• _WHAT IS EXPECTED_
Output all records below verbatim.

[Items from a data source]

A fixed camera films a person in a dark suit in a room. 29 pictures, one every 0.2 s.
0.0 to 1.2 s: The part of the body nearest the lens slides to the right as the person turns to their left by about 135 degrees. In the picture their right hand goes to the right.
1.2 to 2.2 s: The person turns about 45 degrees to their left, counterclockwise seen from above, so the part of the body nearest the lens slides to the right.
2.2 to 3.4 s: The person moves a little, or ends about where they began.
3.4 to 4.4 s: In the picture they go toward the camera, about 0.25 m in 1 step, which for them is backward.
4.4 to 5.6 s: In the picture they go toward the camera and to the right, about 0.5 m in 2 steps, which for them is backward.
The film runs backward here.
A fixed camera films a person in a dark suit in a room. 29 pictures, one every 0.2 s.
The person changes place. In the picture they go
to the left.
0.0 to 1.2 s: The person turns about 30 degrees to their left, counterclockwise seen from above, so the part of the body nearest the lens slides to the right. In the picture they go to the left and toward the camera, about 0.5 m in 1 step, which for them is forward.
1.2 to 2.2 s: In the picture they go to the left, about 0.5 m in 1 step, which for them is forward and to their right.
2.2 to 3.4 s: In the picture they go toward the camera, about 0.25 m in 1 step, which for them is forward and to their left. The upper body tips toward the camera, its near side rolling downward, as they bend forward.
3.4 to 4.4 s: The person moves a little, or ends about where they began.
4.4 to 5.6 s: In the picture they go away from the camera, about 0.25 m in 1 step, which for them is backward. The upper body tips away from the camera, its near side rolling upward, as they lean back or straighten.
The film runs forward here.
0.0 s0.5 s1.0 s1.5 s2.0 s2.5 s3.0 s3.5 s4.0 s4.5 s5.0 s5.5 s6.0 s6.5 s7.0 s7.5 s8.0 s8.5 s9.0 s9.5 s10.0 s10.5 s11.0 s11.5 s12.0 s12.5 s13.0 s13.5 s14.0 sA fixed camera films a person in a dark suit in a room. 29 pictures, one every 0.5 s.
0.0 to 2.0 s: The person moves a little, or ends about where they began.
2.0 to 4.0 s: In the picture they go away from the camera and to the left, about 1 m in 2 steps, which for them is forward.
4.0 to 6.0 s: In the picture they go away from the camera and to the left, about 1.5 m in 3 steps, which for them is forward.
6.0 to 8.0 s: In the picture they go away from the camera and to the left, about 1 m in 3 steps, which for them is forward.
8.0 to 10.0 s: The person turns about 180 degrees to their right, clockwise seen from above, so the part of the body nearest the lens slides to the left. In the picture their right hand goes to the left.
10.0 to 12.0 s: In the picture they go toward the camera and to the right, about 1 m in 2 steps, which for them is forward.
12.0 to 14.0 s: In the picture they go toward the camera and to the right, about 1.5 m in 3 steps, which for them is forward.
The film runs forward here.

• _RESULT BELOW_
A fixed camera films a person in a dark suit in a room. 29 pictures, one every 0.2 s.
0.0 to 1.2 s: The part of the body nearest the lens slides to the right as the person turns to their left by about 135 degrees. In the picture their right hand goes to the right.
1.2 to 2.2 s: The person turns about 45 degrees to their left, counterclockwise seen from above, so the part of the body nearest the lens slides to the right.
2.2 to 3.4 s: The person moves a little, or ends about where they began.
3.4 to 4.4 s: In the picture they go toward the camera, about 0.25 m in 1 step, which for them is backward.
4.4 to 5.6 s: In the picture they go toward the camera and to the right, about 0.5 m in 2 steps, which for them is backward.
The film runs backward here.
A fixed camera films a person in a dark suit in a room. 29 pictures, one every 0.2 s.
The person changes place. In the picture they go
to the left.
0.0 to 1.2 s: The person turns about 30 degrees to their left, counterclockwise seen from above, so the part of the body nearest the lens slides to the right. In the picture they go to the left and toward the camera, about 0.5 m in 1 step, which for them is forward.
1.2 to 2.2 s: In the picture they go to the left, about 0.5 m in 1 step, which for them is forward and to their right.
2.2 to 3.4 s: In the picture they go toward the camera, about 0.25 m in 1 step, which for them is forward and to their left. The upper body tips toward the camera, its near side rolling downward, as they bend forward.
3.4 to 4.4 s: The person moves a little, or ends about where they began.
4.4 to 5.6 s: In the picture they go away from the camera, about 0.25 m in 1 step, which for them is backward. The upper body tips away from the camera, its near side rolling upward, as they lean back or straighten.
The film runs forward here.
0.0 s0.5 s1.0 s1.5 s2.0 s2.5 s3.0 s3.5 s4.0 s4.5 s5.0 s5.5 s6.0 s6.5 s7.0 s7.5 s8.0 s8.5 s9.0 s9.5 s10.0 s10.5 s11.0 s11.5 s12.0 s12.5 s13.0 s13.5 s14.0 sA fixed camera films a person in a dark suit in a room. 29 pictures, one every 0.5 s.
0.0 to 2.0 s: The person moves a little, or ends about where they began.
2.0 to 4.0 s: In the picture they go away from the camera and to the left, about 1 m in 2 steps, which for them is forward.
4.0 to 6.0 s: In the picture they go away from the camera and to the left, about 1.5 m in 3 steps, which for them is forward.
6.0 to 8.0 s: In the picture they go away from the camera and to the left, about 1 m in 3 steps, which for them is forward.
8.0 to 10.0 s: The person turns about 180 degrees to their right, clockwise seen from above, so the part of the body nearest the lens slides to the left. In the picture their right hand goes to the left.
10.0 to 12.0 s: In the picture they go toward the camera and to the right, about 1 m in 2 steps, which for them is forward.
12.0 to 14.0 s: In the picture they go toward the camera and to the right, about 1.5 m in 3 steps, which for them is forward.
The film runs forward here.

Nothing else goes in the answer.